Saturday, October 29, 2005


We All Knew This Was Coming

Scooter Libby's already planning on The Sergeant Schultz Defense:

A statement released by Libby's attorney says his client was operating under "the hectic rush of issues and events at a busy time for our government." In other words, Libby got busy and forgot some details of long-ago conversations.
There's only one problem with that defense: Fitzgerald's had two years -- and testimony from dozens of witnesses -- to smash it like an egg.


As I noted in my post, the other problem with this defense is that Libby's going to have to explain why he didn't bother preparing for his grand jury testimony by doing a thorough review of his own records of the events in question. It's almost like he didn't want to aid the investigation by giving a truthful and complete account. Who'd a thunk it?
What's damning is how much talking about Plame was going on and at what levels.

Plame's identity and occupation was "need to know only." In other words, no one who did not need her name in order to complete a legitimate task should have known she existed.

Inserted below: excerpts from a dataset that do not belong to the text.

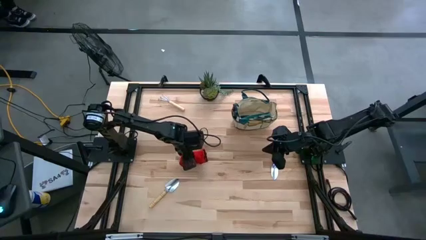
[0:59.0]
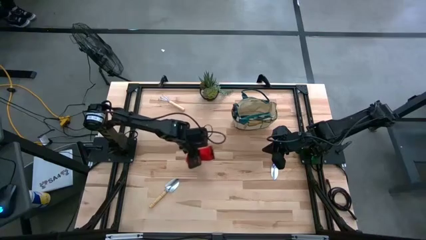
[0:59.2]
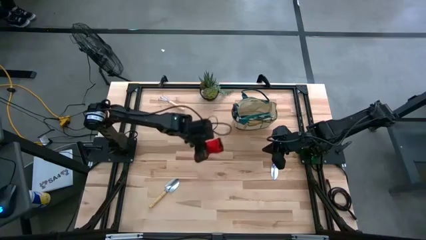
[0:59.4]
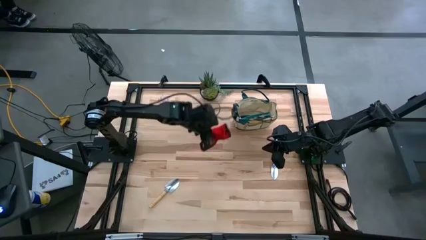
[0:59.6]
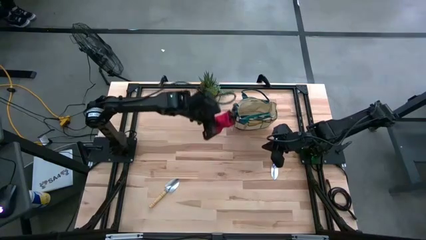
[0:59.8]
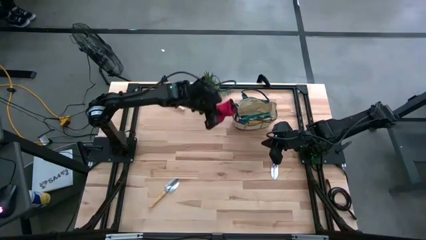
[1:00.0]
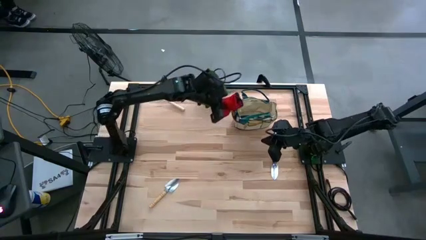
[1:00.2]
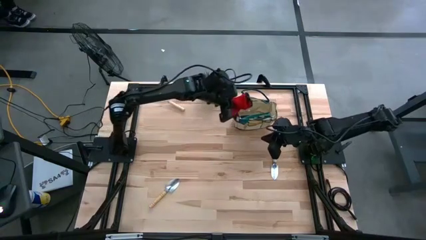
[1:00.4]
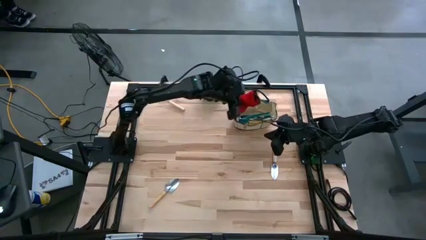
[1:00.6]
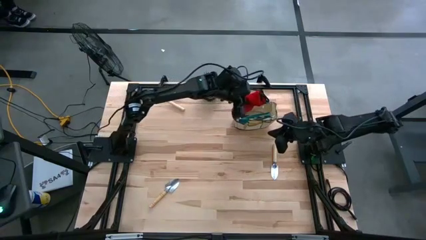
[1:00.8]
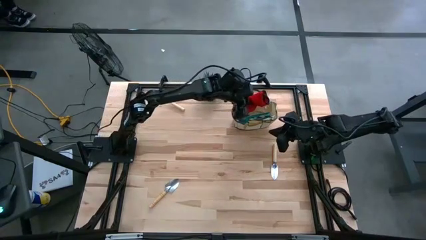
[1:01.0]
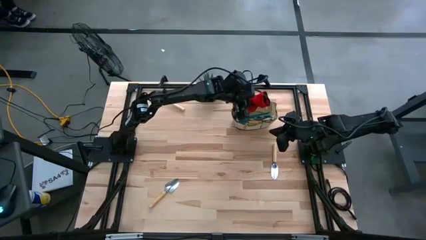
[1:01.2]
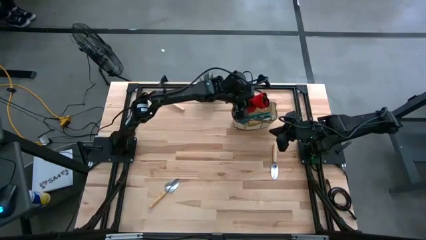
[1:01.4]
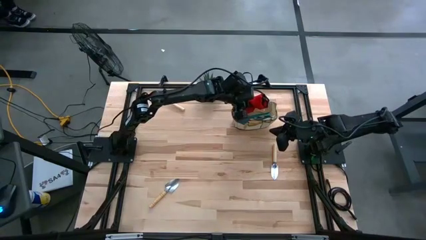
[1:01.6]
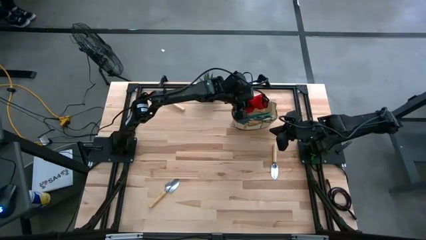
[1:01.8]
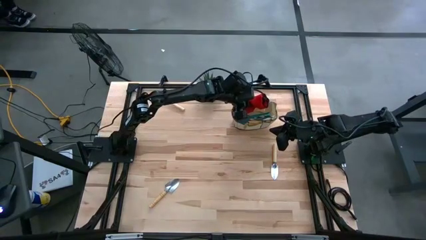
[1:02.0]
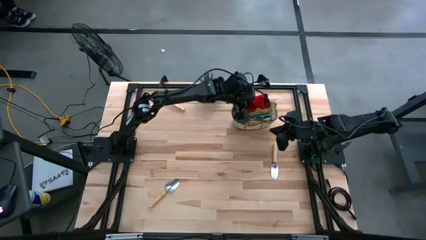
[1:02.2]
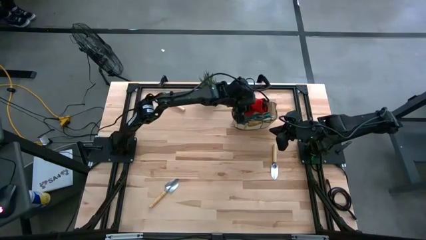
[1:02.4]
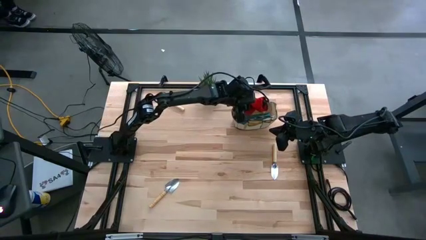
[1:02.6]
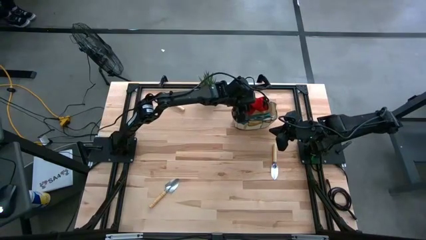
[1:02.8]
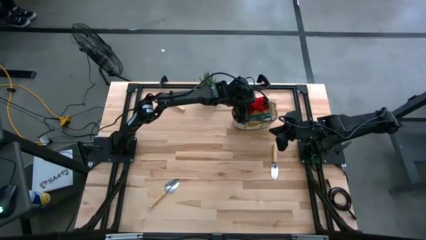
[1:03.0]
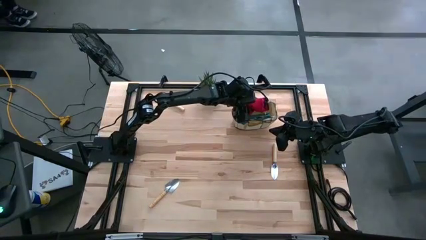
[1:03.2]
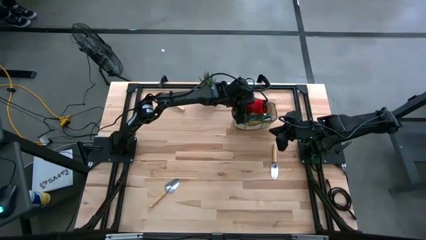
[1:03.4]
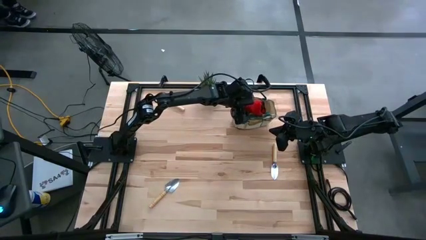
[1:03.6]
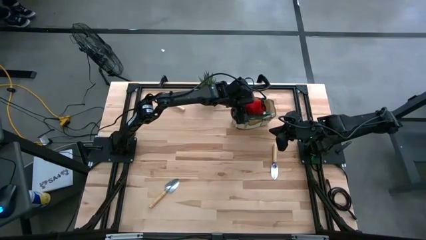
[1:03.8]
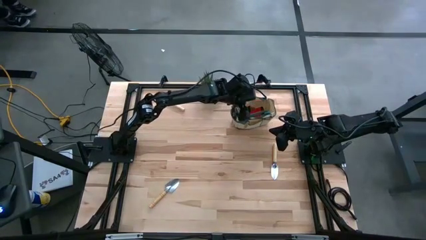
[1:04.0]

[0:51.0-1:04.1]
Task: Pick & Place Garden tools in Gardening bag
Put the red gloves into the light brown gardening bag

Theoretically, Libby could have had a legitimate interest in Plame. If an NSC officer learns that a wrong decision was made, he could want to run down the details of how it was made. It's not clear to me the CIA should have divulged the name even if the cause was legitimate.

And it's even theoretically possible that Libby could have forgotten exactly how he learned the name--but not that he could have thought he learned it from reporters. If he learned it from reporters, he had a duty to immediately report a possible security breach.

But when a political officer like Rove is telling Libby Plame's name-- even if Rove is cleared to know the information himself, which is a sick thought-- it's very clear that these guys were obsessed with Plame.

I speculate Libby was chosen early on as the scapegoat, that it was agreed that he would take the fall to protect the re-election effort, and that Bushco allowed Fitzgerald in because they knew the stonewall would hold.

Maybe Fitzgerald is just playing Columbo, but the picture I got yesterday was of a man who is angry and nervous. Others have speculated that Rove made a proffer.

So, why would Fitzgerald be jumpy? Maybe because he knows Rove's proffer is a fake, part of framing Libby for what was a crime clearly planned and directed by the highest officials in government.

That would make an honest man angry indeed.
Correction: Libby was not a full member of the NSC. As a presidential and VP aide, however, he almost certainly attended meetings. He seems to have had clearance to see plenty of stuff, but probably (for reasons Parry presents) not the identity of a NOC.